YOUR OBJECTIVE — List, from the lines below, each one with "width" in it.

=== TASK INPUTS ===

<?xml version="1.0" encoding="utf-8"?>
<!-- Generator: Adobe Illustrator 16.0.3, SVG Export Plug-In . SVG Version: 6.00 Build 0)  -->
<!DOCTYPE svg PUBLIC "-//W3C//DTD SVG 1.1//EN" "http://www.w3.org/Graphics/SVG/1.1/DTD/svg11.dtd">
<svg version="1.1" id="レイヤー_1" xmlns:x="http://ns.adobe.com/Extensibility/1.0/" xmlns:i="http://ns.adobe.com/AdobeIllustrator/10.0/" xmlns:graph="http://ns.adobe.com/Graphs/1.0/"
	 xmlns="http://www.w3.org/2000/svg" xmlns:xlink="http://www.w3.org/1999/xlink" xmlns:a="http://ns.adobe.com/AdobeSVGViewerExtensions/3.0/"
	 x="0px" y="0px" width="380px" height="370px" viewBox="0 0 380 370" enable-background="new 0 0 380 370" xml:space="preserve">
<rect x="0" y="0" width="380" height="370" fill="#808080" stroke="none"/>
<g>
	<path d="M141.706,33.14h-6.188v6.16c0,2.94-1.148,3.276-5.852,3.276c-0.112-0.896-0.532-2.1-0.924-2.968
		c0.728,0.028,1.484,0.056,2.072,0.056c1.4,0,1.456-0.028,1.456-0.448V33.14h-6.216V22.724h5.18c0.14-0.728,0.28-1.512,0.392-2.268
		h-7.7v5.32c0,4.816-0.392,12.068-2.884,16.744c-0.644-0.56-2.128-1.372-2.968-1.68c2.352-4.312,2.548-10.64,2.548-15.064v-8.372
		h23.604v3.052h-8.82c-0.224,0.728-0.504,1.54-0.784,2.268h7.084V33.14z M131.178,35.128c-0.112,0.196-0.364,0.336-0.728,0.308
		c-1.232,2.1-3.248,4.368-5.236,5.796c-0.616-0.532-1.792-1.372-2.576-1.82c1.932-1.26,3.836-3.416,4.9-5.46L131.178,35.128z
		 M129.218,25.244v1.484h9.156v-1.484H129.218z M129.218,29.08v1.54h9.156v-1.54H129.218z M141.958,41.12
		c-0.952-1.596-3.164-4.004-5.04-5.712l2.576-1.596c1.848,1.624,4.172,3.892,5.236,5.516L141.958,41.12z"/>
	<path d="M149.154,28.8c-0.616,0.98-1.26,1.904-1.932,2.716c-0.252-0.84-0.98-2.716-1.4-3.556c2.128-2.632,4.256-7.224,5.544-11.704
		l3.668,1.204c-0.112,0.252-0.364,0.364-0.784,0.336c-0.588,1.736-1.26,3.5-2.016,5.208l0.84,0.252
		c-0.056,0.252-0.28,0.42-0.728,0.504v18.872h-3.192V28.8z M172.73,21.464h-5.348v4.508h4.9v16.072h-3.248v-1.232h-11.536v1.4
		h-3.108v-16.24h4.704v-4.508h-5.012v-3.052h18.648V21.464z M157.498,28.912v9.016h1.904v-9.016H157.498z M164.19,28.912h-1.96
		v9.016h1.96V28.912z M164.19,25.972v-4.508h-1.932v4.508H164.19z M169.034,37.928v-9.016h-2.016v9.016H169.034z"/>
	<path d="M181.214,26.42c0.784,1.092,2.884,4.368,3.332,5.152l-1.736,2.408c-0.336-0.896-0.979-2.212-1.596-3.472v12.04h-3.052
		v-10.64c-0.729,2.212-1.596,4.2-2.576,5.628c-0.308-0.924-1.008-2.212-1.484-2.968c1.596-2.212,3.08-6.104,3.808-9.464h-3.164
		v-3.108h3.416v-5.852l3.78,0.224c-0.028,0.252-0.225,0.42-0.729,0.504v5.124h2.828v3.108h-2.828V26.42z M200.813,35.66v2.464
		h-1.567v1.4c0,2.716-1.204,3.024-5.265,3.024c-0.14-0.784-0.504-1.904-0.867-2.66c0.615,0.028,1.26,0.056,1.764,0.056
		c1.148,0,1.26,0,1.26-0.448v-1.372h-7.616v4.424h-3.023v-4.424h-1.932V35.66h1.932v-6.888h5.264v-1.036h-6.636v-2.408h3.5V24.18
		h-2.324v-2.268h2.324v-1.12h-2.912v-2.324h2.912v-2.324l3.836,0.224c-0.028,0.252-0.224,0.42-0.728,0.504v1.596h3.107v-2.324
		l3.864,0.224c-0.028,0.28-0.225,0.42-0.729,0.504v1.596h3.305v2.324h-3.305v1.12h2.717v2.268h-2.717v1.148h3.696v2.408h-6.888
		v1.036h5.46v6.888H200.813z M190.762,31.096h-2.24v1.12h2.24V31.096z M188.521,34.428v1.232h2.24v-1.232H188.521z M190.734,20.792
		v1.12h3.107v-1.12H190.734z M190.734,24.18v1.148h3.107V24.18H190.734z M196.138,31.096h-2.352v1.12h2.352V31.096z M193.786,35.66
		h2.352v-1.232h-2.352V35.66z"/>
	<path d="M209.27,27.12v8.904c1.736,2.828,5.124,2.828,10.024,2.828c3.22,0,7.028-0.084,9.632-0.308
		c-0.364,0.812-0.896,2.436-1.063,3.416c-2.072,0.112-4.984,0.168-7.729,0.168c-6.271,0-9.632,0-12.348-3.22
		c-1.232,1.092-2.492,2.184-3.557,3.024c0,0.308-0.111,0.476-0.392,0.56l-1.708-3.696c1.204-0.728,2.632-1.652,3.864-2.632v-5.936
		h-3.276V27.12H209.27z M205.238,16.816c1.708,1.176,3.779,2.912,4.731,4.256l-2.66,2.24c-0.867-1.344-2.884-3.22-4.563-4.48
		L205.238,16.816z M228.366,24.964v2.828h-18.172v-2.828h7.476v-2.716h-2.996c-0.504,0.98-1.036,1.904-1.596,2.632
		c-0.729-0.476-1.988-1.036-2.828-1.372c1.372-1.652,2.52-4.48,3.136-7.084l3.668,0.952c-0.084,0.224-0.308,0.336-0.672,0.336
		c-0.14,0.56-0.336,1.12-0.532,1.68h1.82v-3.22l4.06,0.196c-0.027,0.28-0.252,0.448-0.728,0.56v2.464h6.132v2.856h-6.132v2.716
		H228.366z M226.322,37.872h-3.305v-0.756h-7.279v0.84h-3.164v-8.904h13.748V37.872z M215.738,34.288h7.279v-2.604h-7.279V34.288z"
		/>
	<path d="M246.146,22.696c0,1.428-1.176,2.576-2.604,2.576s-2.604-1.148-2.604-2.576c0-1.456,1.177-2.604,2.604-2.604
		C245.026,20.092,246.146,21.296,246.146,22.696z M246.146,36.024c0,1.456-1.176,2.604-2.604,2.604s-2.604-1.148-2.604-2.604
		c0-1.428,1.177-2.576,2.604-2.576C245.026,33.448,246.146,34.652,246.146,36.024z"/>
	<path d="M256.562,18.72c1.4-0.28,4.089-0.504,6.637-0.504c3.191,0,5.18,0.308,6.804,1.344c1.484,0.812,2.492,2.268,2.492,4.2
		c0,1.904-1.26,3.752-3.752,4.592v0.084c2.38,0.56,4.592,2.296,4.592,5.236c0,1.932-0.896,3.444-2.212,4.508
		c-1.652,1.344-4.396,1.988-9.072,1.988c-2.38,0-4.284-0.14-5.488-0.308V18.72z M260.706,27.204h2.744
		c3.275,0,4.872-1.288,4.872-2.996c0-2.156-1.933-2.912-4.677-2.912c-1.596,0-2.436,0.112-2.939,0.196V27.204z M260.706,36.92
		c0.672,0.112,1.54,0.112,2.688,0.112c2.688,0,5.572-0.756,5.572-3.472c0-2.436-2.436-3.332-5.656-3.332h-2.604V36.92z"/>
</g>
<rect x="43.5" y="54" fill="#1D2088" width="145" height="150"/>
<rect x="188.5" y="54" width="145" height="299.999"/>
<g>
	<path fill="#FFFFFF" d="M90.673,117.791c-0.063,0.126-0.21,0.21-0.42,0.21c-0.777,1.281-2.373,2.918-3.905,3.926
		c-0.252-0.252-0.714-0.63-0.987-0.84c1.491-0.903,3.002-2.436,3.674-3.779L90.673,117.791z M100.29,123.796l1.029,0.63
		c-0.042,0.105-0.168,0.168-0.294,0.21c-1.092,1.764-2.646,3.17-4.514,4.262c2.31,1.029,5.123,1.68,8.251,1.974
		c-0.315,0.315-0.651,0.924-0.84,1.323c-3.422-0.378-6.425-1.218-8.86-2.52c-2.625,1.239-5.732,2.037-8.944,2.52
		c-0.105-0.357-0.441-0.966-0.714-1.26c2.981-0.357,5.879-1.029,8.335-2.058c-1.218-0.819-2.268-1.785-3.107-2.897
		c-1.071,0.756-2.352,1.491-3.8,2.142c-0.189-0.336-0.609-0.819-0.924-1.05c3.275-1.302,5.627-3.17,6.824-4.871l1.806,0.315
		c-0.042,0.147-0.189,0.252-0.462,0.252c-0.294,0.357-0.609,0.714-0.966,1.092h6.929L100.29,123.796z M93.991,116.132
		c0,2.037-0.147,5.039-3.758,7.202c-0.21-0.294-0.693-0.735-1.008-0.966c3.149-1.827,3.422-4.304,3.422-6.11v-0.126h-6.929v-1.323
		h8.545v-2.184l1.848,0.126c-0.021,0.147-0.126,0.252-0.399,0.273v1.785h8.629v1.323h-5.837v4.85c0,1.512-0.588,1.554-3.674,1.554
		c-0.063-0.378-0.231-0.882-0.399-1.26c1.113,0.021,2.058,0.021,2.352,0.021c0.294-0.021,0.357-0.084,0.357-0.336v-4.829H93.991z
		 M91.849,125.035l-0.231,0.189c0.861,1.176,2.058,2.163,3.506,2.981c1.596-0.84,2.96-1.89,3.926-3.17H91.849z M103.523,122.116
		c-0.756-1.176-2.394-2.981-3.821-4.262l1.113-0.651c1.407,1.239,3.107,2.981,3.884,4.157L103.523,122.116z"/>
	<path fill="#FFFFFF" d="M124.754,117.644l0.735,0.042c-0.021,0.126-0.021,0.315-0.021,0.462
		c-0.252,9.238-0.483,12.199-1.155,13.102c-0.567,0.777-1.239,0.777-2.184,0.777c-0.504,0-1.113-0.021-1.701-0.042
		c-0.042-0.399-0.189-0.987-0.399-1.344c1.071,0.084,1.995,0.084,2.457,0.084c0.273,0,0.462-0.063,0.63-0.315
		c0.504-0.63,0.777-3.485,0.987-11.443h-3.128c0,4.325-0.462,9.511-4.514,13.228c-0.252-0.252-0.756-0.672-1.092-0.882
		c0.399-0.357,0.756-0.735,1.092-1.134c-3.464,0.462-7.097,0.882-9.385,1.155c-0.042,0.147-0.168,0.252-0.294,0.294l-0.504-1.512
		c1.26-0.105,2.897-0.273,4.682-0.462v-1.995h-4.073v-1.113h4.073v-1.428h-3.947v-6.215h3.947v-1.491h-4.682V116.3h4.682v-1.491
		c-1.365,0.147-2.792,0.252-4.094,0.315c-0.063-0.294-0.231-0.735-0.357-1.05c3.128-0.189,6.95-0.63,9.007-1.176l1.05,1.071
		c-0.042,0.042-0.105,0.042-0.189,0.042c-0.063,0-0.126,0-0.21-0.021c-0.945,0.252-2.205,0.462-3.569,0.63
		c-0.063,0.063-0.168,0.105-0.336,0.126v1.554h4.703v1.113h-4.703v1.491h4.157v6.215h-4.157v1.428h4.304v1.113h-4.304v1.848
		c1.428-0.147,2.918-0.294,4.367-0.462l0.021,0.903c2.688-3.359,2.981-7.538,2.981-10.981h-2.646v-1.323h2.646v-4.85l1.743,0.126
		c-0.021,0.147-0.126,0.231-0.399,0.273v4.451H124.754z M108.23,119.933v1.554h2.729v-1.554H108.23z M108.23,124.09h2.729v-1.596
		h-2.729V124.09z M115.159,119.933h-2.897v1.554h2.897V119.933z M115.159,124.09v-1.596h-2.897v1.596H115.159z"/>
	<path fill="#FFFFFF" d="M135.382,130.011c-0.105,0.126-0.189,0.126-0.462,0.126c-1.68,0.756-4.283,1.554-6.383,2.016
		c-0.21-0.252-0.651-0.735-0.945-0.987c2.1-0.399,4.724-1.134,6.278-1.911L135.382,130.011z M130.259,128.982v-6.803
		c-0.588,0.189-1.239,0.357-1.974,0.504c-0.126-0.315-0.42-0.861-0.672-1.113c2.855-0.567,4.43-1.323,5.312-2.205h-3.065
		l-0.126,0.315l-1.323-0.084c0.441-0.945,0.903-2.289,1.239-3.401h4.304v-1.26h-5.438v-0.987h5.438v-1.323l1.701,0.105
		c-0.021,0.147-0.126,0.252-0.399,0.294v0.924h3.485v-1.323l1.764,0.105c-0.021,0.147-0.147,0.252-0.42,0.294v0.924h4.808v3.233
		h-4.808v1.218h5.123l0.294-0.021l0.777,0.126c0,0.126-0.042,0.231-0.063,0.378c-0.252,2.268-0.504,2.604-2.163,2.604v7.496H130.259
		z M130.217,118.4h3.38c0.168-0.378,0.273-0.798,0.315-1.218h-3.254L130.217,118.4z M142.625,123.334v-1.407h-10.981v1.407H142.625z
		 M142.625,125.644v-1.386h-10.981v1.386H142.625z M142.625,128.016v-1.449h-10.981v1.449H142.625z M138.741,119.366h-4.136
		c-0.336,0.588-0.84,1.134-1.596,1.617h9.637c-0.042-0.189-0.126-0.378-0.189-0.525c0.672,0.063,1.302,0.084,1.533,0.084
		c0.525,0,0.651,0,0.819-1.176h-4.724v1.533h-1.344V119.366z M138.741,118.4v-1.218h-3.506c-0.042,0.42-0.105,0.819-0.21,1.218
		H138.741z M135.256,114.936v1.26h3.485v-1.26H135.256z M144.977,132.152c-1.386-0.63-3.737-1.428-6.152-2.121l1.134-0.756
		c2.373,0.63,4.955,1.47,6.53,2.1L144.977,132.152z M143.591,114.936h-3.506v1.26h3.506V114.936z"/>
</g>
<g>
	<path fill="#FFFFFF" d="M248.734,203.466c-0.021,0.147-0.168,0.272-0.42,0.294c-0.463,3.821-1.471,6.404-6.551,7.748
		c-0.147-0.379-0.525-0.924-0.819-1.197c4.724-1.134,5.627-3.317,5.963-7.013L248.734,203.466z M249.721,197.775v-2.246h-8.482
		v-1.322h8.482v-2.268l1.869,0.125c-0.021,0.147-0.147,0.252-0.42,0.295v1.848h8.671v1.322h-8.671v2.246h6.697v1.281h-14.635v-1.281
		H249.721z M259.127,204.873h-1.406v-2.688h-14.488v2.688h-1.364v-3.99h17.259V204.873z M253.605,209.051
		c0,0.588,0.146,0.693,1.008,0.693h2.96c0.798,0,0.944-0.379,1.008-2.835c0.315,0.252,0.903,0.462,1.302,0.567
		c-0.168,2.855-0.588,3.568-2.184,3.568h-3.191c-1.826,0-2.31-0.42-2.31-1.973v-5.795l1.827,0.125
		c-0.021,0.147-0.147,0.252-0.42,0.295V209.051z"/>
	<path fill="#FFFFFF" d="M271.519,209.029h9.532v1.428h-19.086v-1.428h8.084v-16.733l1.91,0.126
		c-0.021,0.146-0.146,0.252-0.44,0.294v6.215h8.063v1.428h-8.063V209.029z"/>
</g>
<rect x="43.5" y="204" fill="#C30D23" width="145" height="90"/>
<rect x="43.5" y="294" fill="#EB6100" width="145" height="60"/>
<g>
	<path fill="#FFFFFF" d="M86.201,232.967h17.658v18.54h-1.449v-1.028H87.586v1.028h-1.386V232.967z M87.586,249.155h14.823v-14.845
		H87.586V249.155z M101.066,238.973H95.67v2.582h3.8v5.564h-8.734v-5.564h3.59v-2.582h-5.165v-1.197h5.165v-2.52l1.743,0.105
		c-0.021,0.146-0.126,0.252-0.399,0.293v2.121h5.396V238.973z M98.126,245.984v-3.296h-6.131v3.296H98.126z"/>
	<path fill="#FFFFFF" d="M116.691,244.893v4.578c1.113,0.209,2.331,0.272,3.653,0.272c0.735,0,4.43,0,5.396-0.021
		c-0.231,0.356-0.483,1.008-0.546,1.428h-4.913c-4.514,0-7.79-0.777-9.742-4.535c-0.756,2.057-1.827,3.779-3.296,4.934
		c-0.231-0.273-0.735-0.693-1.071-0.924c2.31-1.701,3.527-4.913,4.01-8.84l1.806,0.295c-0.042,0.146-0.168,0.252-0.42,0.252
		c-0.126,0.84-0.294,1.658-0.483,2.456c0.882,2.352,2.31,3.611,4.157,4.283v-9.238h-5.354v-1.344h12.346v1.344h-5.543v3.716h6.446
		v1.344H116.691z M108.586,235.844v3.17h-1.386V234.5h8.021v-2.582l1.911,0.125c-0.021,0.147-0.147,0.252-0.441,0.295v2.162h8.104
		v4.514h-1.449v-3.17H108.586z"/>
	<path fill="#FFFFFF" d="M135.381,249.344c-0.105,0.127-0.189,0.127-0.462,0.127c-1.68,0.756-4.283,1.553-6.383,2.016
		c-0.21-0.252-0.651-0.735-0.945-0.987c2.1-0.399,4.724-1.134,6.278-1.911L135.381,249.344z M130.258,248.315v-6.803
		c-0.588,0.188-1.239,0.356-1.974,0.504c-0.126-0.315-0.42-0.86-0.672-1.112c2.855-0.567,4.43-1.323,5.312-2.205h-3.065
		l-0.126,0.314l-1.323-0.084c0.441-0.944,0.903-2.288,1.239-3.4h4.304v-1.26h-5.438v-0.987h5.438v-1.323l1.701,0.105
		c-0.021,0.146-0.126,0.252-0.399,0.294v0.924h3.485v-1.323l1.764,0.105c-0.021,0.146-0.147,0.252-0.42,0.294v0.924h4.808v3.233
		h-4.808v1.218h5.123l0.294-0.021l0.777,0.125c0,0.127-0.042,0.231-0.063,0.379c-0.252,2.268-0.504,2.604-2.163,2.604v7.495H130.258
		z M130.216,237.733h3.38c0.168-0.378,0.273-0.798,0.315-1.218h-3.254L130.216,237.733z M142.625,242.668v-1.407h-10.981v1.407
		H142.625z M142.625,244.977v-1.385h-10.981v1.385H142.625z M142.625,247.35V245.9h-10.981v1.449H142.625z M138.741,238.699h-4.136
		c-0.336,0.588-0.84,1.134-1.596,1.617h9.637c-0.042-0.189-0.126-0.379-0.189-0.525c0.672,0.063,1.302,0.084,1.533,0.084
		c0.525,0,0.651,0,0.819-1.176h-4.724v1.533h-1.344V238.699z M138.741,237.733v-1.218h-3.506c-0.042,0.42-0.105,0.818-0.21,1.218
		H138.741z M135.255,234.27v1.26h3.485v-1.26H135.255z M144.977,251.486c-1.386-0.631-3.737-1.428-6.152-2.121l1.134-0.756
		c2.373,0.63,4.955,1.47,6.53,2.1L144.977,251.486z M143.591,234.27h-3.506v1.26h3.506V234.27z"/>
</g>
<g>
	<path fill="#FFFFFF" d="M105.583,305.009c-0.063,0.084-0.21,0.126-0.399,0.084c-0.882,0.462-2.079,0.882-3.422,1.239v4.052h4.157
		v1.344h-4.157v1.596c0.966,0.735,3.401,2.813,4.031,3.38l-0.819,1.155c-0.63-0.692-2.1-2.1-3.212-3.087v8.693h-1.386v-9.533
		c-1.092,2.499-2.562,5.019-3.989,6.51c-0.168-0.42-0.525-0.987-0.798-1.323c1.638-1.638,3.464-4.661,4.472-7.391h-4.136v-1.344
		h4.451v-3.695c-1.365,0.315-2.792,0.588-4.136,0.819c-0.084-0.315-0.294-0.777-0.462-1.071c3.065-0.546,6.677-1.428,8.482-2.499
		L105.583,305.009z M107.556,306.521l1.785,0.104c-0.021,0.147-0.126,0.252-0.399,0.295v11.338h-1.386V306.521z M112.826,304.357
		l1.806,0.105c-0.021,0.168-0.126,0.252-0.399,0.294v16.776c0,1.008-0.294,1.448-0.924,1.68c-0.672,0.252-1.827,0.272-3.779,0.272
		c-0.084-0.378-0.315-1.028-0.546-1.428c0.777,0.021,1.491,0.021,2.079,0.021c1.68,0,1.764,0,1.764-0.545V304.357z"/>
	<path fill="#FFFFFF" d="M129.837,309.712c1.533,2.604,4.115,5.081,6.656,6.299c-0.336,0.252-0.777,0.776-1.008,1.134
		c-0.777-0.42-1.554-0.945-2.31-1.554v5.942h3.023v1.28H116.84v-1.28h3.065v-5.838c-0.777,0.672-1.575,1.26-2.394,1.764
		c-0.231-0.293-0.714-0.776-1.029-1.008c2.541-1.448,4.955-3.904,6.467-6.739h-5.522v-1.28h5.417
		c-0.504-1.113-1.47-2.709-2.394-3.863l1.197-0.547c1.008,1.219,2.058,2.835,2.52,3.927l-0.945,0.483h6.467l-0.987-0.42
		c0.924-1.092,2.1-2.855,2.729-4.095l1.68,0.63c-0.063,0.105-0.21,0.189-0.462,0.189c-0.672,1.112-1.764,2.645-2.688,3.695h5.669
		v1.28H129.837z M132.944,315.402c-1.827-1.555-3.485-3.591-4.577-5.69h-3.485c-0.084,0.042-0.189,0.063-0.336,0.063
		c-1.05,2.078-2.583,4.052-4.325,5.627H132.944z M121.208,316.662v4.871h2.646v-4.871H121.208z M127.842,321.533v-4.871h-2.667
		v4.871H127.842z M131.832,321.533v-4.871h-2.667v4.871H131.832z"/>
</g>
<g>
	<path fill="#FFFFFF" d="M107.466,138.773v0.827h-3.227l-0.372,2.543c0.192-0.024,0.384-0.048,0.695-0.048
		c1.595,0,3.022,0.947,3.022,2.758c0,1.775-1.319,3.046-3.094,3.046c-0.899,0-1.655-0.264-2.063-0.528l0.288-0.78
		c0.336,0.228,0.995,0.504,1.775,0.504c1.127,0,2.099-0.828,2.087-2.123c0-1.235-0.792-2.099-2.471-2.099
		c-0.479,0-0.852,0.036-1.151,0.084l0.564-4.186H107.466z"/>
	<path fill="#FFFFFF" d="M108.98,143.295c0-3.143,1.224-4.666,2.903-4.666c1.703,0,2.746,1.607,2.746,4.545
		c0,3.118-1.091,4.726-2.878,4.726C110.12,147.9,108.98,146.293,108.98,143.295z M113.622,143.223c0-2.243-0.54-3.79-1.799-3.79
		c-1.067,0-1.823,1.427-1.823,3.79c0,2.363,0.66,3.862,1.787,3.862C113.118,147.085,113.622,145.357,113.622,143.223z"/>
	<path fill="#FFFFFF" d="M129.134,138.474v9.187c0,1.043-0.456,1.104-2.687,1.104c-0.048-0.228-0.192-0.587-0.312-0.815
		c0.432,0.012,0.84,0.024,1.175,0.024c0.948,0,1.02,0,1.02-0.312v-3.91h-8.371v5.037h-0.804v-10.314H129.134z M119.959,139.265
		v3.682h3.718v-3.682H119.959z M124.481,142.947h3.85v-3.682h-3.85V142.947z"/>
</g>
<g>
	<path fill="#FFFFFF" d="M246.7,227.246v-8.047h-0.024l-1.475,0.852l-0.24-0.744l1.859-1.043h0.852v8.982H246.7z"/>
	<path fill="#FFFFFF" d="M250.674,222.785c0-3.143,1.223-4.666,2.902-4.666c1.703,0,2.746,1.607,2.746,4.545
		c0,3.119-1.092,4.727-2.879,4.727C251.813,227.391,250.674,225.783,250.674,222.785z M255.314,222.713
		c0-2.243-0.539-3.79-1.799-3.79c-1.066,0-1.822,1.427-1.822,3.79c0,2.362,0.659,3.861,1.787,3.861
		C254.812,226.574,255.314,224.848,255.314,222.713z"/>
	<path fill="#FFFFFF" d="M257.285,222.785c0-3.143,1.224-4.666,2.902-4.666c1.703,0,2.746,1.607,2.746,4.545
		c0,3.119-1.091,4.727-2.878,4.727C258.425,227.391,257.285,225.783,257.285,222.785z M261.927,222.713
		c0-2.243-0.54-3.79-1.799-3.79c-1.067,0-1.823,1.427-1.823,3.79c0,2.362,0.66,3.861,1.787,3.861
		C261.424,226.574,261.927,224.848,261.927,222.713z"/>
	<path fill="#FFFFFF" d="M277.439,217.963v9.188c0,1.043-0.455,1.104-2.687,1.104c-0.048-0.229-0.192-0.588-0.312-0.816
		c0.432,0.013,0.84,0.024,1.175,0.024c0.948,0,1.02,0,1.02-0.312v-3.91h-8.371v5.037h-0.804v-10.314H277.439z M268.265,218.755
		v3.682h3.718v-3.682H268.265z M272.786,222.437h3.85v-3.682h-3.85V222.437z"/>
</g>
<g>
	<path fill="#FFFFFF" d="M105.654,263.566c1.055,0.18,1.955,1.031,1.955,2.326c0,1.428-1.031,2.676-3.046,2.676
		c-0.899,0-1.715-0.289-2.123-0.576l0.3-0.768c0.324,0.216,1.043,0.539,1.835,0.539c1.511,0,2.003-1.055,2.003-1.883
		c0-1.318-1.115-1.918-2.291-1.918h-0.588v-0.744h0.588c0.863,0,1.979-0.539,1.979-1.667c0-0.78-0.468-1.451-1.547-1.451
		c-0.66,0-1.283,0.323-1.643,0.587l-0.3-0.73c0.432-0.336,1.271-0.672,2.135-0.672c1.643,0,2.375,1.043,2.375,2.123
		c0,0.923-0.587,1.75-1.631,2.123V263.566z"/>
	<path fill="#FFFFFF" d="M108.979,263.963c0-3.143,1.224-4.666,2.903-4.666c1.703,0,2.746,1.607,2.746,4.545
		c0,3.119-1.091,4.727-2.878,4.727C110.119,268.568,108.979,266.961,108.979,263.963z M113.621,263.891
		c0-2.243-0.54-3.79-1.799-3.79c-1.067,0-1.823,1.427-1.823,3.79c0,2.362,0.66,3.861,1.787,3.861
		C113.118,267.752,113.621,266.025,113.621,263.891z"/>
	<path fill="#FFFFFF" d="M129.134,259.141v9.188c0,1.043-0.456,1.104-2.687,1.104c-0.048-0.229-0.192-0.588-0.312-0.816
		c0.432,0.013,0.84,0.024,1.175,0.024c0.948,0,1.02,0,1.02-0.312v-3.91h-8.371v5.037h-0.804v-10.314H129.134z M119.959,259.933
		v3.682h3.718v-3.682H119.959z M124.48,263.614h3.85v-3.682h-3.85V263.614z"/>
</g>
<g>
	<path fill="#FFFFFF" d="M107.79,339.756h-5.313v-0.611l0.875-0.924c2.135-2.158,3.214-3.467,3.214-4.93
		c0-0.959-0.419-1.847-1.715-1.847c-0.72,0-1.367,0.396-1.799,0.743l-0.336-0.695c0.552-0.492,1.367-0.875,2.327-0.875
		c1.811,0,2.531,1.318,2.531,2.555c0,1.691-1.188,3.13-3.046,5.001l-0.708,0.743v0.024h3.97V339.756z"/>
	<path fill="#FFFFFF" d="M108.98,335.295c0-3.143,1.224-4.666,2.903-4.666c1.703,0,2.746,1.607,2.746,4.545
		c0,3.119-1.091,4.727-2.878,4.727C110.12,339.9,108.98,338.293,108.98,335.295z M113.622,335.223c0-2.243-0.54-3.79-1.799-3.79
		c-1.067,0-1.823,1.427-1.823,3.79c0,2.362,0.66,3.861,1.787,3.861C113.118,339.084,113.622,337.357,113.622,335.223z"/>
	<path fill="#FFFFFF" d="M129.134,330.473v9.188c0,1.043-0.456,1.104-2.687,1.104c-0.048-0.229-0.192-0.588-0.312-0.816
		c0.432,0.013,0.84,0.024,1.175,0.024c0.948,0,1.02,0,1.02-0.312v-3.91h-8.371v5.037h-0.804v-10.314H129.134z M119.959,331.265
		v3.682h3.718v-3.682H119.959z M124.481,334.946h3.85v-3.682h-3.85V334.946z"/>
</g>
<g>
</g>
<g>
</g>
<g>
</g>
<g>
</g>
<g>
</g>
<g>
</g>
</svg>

===

RESULT OF THIS EXERCISE —
	 x="0px" y="0px" width="380px" height="370px" viewBox="0 0 380 370" enable-background="new 0 0 380 370" xml:space="preserve">
<rect x="0" y="0" width="380" height="370" fill="#808080" stroke="none"/>
<rect x="43.5" y="54" fill="#1D2088" width="145" height="150"/>
<rect x="188.5" y="54" width="145" height="299.999"/>
<rect x="43.5" y="204" fill="#C30D23" width="145" height="90"/>
<rect x="43.5" y="294" fill="#EB6100" width="145" height="60"/>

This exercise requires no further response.